Il Dipartimento Jonico dell’Università di Bari Aldo Moro ha infatti confermato alla sua guida il professor Paolo Pardolesi, ordinario di Diritto privato comparato, che resterà direttore fino al 2030. Una decisione che non sorprende: negli ultimi quattro anni il Dipartimento in “Sistemi giuridici ed economici del Mediterraneo” ha rafforzato il proprio ruolo nella vita civile, culturale e istituzionale della città, diventando un punto di riferimento nei processi di trasformazione del territorio.
La rielezione di Pardolesi arriva dunque dentro un percorso già tracciato, fondato sull’idea di un’università che non si limita a formare e produrre ricerca, ma che si assume la responsabilità di leggere i bisogni della comunità e di contribuire alla costruzione di politiche pubbliche. «L’università deve essere parte attiva del cambiamento», ha ribadito il direttore, richiamando la necessità di un approccio capace di tenere insieme competenze giuridiche, economiche, sociali e ambientali.
Studioso di rilievo nazionale, Pardolesi ha dedicato la propria attività scientifica ai temi dei contratti, della responsabilità civile e dell’analisi economica del diritto, affiancando alla ricerca un impegno istituzionale che negli anni gli ha valso riconoscimenti per il contributo offerto alla crescita culturale del territorio jonico.
Nel nuovo mandato, il direttore individua alcune priorità strategiche: la partecipazione dell’università al dibattito sulle grandi questioni che attraversano Taranto – dalla tutela dell’ambiente alle fragilità sociali, dalle sfide occupazionali alla costruzione di modelli di sviluppo sostenibile – e il consolidamento del dialogo con Comune, Provincia e Regione. «Ambiente, lavoro e inclusione sociale sono sfide decisive per il futuro del territorio», ha sottolineato, indicando la necessità di percorsi condivisi e di una collaborazione stabile tra istituzioni.
Il Dipartimento punta inoltre a rafforzare il proprio ruolo di motore di innovazione. Tra gli strumenti indicati figurano gli spin off universitari, le attività di conto terzi, i Contamination Lab dedicati all’imprenditorialità, gli Hackathon per la progettazione collaborativa e le iniziative di Public Engagement pensate per avvicinare la cittadinanza al patrimonio di conoscenze dell’ateneo.
Un’attenzione particolare sarà riservata all’Ufficio Placement, considerato un nodo cruciale per accompagnare studenti e laureati verso il mondo del lavoro, favorendo l’incontro tra competenze accademiche e fabbisogni del sistema produttivo.

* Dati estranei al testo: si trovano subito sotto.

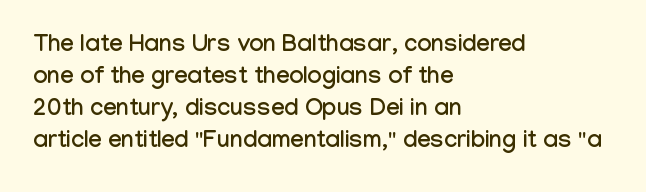
Just letters on the line, the space beneath them empty. Honestly, the row spacing looks completely unremarkable. No italicization has been applied; the sample stays upright. Teacher's note: observe the even left margin — that is flush-left alignment. Glyph-to-glyph distance matches everyday printed text.
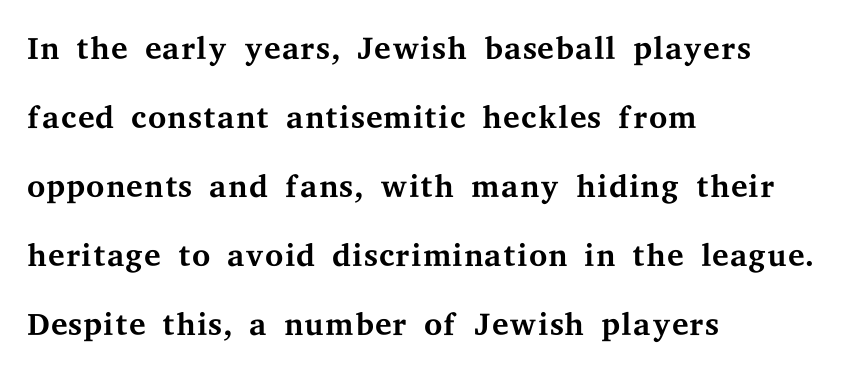
The font is comparable to plain body text, perhaps lighter. Regarding leading, the lines here are spaced in the standard way. The typesetter chose a ragged-right arrangement here. In terms of posture, this sample is upright. A typesetter would label this face a serif. The glyphs are unaccompanied by any horizontal stroke below them.
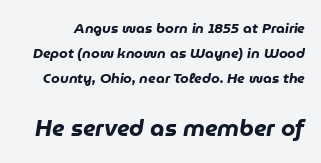
{"italic": "yes", "lean": "right", "slant_degrees": 9, "bold": "yes", "underline": "no", "line_spacing_ratio": 1.77, "letter_spacing": "normal", "letter_spacing_em": 0.0, "larger_block": "second", "size_ratio": 1.64, "glyph_px": 23}
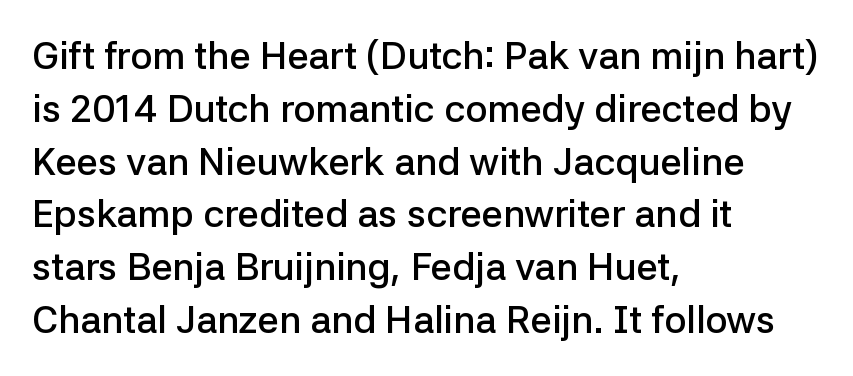
Here the designer chose a conventional face with non-uniform glyph widths. Interline gaps are of average width in this sample. Check under the words: just untouched page. Typeset ragged right — the left edge is the straight one. Observe the ordinary spacing: letters are neighbours, not strangers.
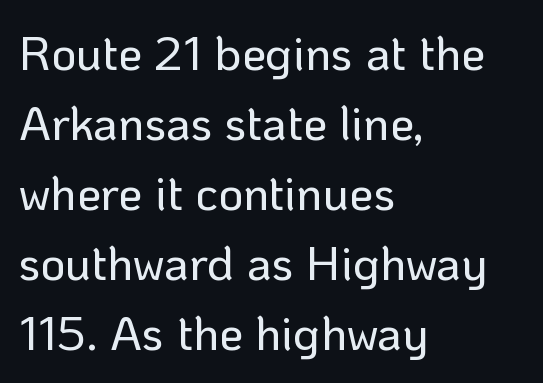
The space beneath each line is pristine and unruled. You could not count columns in this text — the font is proportionally spaced. The tracking reads as untouched default to a designer's eye. In terms of leading, this rendering sits right in the middle. These lines are composed in type without serifs.
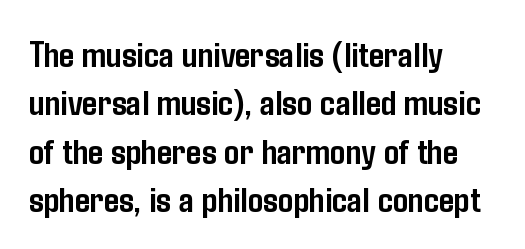
Q: Is the text bold? A: Yes.
Q: Is the text italic (slanted)? A: No, it is upright.
Q: Is the typeface a serif or a sans-serif typeface? A: Sans-serif.
Q: Is the text underlined? A: No.
Q: How is the paragraph aligned? A: Left-aligned.
Q: Is the spacing between letters normal or unusually wide? A: Normal.
Q: Is the spacing between lines tight, normal or loose? A: Normal.
Q: Width (condensed, normal, or wide)? A: Condensed.
Q: Stroke contrast? A: Low.
Q: x-height? A: Medium.
Q: Monospaced? A: No.
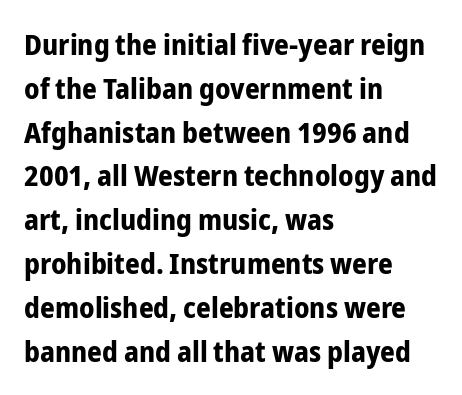
The image shows 29 px bold, condensed sans-serif type, upright; set left-aligned, normal line spacing (1.51x), normal letter spacing, not underlined; low stroke contrast and a medium x-height.

La crescita del Dipartimento passa anche dalla costruzione di una rete di collaborazioni con le principali realtà del territorio: dal Polo Scientifico Tecnologico Ambientale al nascente Dipartimento di Medicina, dal Politecnico di Bari al Distretto Aerospaziale di Grottaglie, fino alla Marina Militare e al MArTA. Interlocutori ritenuti fondamentali per sviluppare progetti comuni e valorizzare le eccellenze locali.
Lo sguardo è rivolto anche alle opportunità che si aprono nei prossimi anni: le risorse del Just Transition Fund, gli investimenti legati ai Giochi del Mediterraneo 2026, le attività del Tecnopolo Mediterraneo per lo Sviluppo Sostenibile. Ambiti nei quali, secondo Pardolesi, l’università è chiamata a offrire competenze, capacità progettuale e visione.

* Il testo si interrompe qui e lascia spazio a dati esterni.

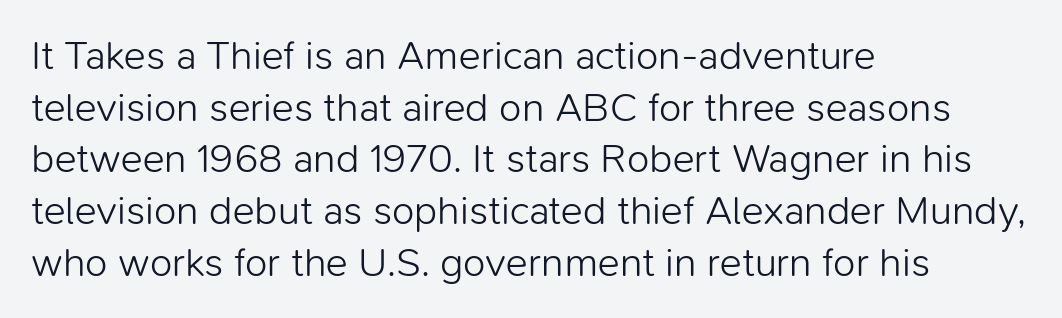
Q: Is the text bold? A: No.
Q: Is the text italic (slanted)? A: No, it is upright.
Q: Is the typeface a serif or a sans-serif typeface? A: Sans-serif.
Q: Is the text underlined? A: No.
Q: How is the paragraph aligned? A: Left-aligned.
Q: Is the spacing between letters normal or unusually wide? A: Normal.
Q: Is the spacing between lines tight, normal or loose? A: Normal.
Q: Width (condensed, normal, or wide)? A: Normal.
Q: Stroke contrast? A: Low.
Q: x-height? A: Medium.
Q: Monospaced? A: No.
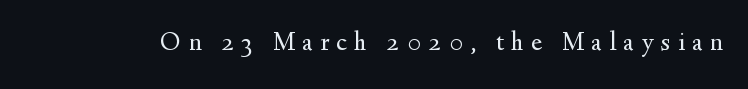
The image shows 27 px text type, upright; set unusually wide letter spacing (+0.27 em), not underlined.
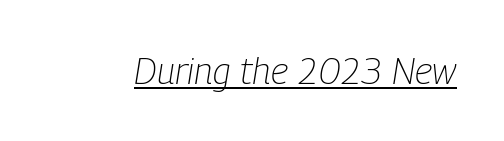
The image shows 37 px light, condensed type, italic (leaning right); set normal letter spacing, underlined; low stroke contrast and a medium x-height.
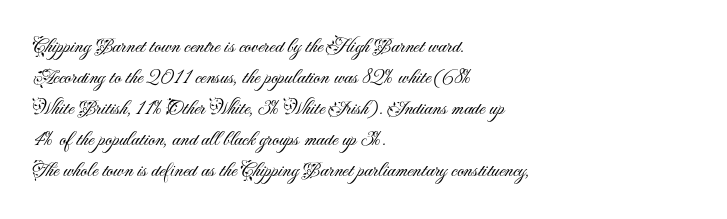
The image shows 21 px text type; set left-aligned, normal line spacing (1.48x), normal letter spacing, not underlined.
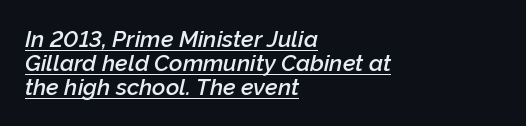
Q: Is the text bold? A: Semi-bold.
Q: Is the text italic (slanted)? A: Yes, it leans right by about 12 degrees.
Q: Is the text underlined? A: Yes.
Q: How is the paragraph aligned? A: Left-aligned.
Q: Is the spacing between letters normal or unusually wide? A: Normal.
Q: Is the spacing between lines tight, normal or loose? A: Tight.
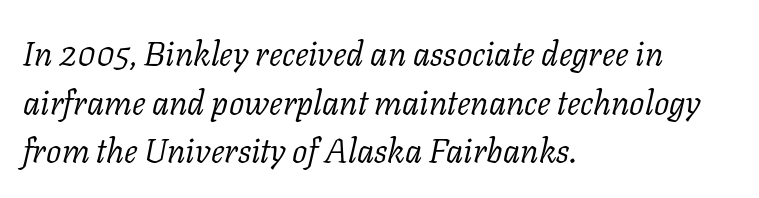
Spacing verdict: proportional, widths tailored to each character. Observe the serifs anchoring each vertical stroke in this sample. The block of text has a typical density, with ordinary space between rows. No heavy texture on the line: the type isn't bold. The string is rendered with underlining switched off. Here the glyphs are tracked normally, forming tight word shapes.
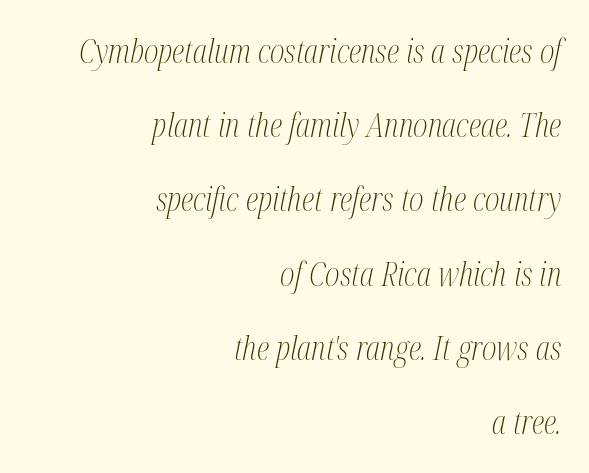
The image shows 32 px light, condensed serif type, italic (leaning right); set right-aligned, loose line spacing (2.32x), normal letter spacing, not underlined; medium stroke contrast and a medium x-height.
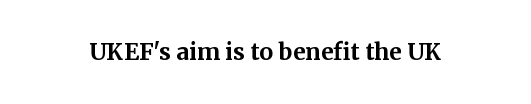
{"italic": "no", "bold": "yes", "underline": "no", "letter_spacing": "normal", "letter_spacing_em": 0.0, "glyph_px": 23}
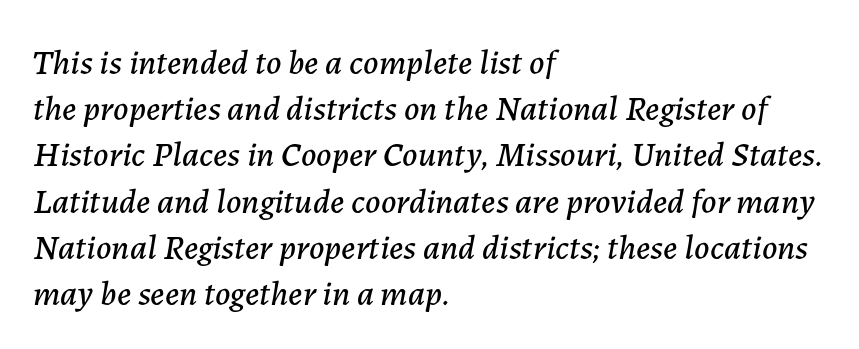
Honestly, the letter spacing is just normal — you wouldn't notice it. Vertical spacing — default. Character widths vary here, with narrow letters taking less room than wide ones. This sample is left-justified, so line endings fall wherever the words run out. The strip under each line holds only bare page.
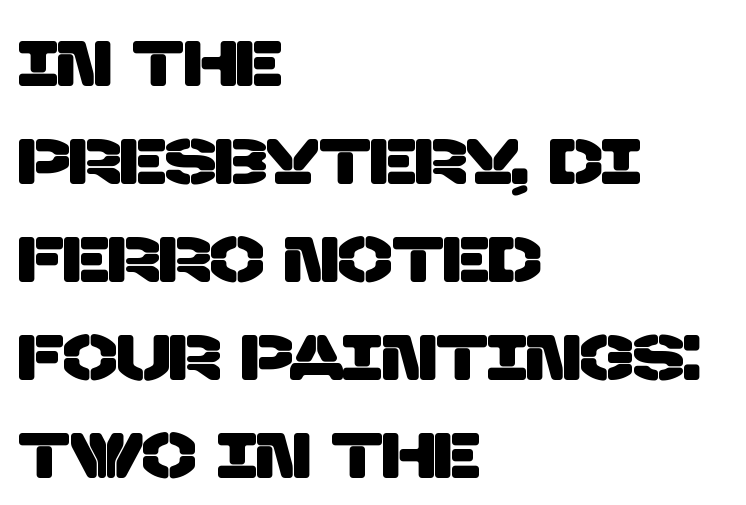
{"serif": "no", "width": "normal", "stroke_contrast": "low", "x_height": "large", "monospaced": "no", "underline": "no", "align": "left", "line_spacing": "normal", "line_spacing_ratio": 1.53, "letter_spacing": "normal", "letter_spacing_em": 0.0, "glyph_px": 64}
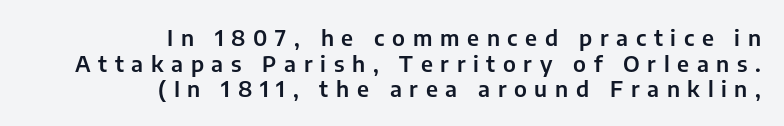
Decoration check: the copy has no underline. The axis of the letterforms is exactly vertical. The letters are spread apart with noticeably loose tracking. The text block is weighted toward the right margin, trailing off unevenly leftward.

La conferma del direttore segna dunque la continuità di un progetto che punta a rendere il Dipartimento Jonico sempre più parte integrante della vita della città, un luogo in cui formazione, ricerca e impegno civile si intrecciano per contribuire alla costruzione di un modello di sviluppo fondato su conoscenza, innovazione e sostenibilità.